Systems of Linear Equations

General representation of a system of linear equations

Generally allows a linear system with m equations and n unknowns by appropriate transformations always bring in the following form:

a11x1+a12x2++a1nxn=b1 a21x1+a22x2++a2nxn=b2 am1x1+am2x2++amnxn=bm

Matrix form of the linear equation system

The linear system of equations can be represented by a coefficient matrix A in matrix notation:

( a11a12a1n a21a22a2n am1am2amn ) ( x1 x2 xn ) = ( b1 b2 bn )

or short:

A·x=b

For the definition of the equation system, an indication of the unknown is not required. With the extended coefficient matrix the system of equations can be written as follows:

( A|b ) = ( a11a12a1n a21a22a2n am1am2amn | b1 b2 bn )

To find the solution of a linear system of equations, the following three elementary row transformations are useful. The solution set does not change when the following operations:

Solution of the linear system

If the extended coefficient matrix brought to triangular form (row echelon form) by means of elementary transformations, the solution can be read directly.

( a11a12a1n 0a22a2n 000amn | b1 b2 bn )

Gaussian Elimination Method

The Gaussian algorithm is based on equivalent transformations of the system of linear equations.
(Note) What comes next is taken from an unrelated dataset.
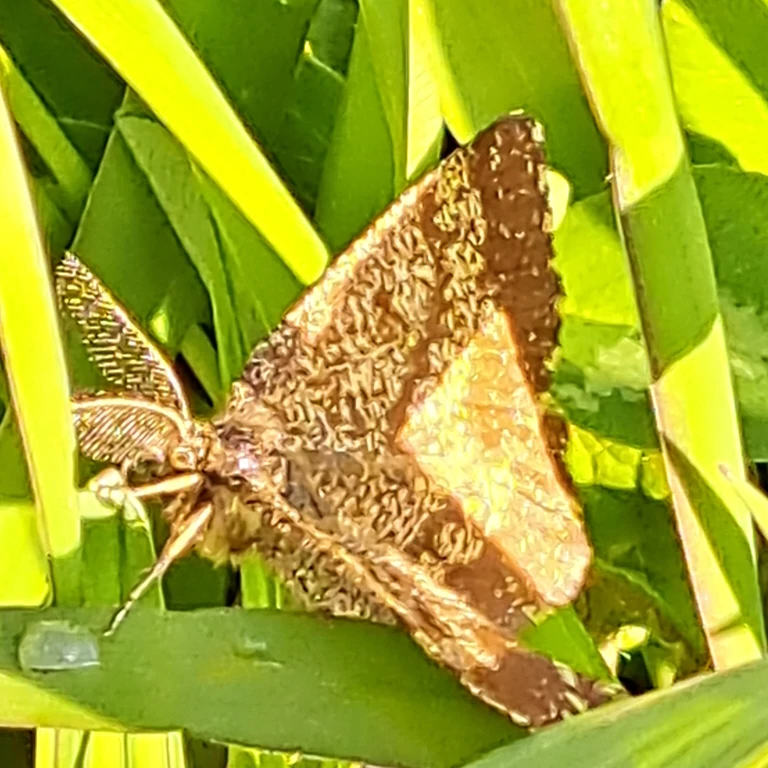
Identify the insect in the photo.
Ematurga atomaria

The transformations: row interchange, multiplication of rows with non-zero factors and addition of multiples of a row with a different transform the system of equations to be solved in a simple form.

Step-by-step example for the Gaussian Elimination Method

The coefficient matrix in the example is:

( 4.89 7.02 3.55 0.29 2.57 7.53 2.86 6.90 8.22 | 1.22 1.61 2.32 )

Calculation of the row echelon form (Gaussian elimination)

Division of line 1 by the element a1,1=4.89

( 1.00 1.44 0.73 0.29 2.57 7.53 2.86 6.90 8.22 | 0.25 1.61 2.32 )

Subtraction of the 1st line from the following lines. The 1st line is multiplied by the leading element of the following lines.

( 1.00 1.44 0.73 0.00 2.15 7.32 0.00 2.79 6.14 | 0.25 1.54 1.61 )

Division of line 2 by the element a2,2=2.15

( 1.00 1.44 0.73 0.00 1.00 3.40 0.00 2.79 6.14 | 0.25 0.71 1.61 )

Subtraction of the 2nd line from the following lines. The 2nd line is multiplied by the leading element of the following lines.

( 1.00 1.44 0.73 0.00 1.00 3.40 0.00 0.00 -3.35 | 0.25 0.71 -0.39 )

Division der Zeile 3 durch das Element a3,3=-3.35

( 1.00 1.44 0.73 0.00 1.00 3.40 0.00 0.00 1.00 | 0.25 0.71 0.12 )

Calculation of the reduced row echelon form (Jordan-Algorithm)

Subtraction of 1.44 times of line 2 from line 1

( 1.00 0.00 -4.15 0.00 1.00 3.40 0.00 0.00 1.00 | -0.78 0.71 0.12 )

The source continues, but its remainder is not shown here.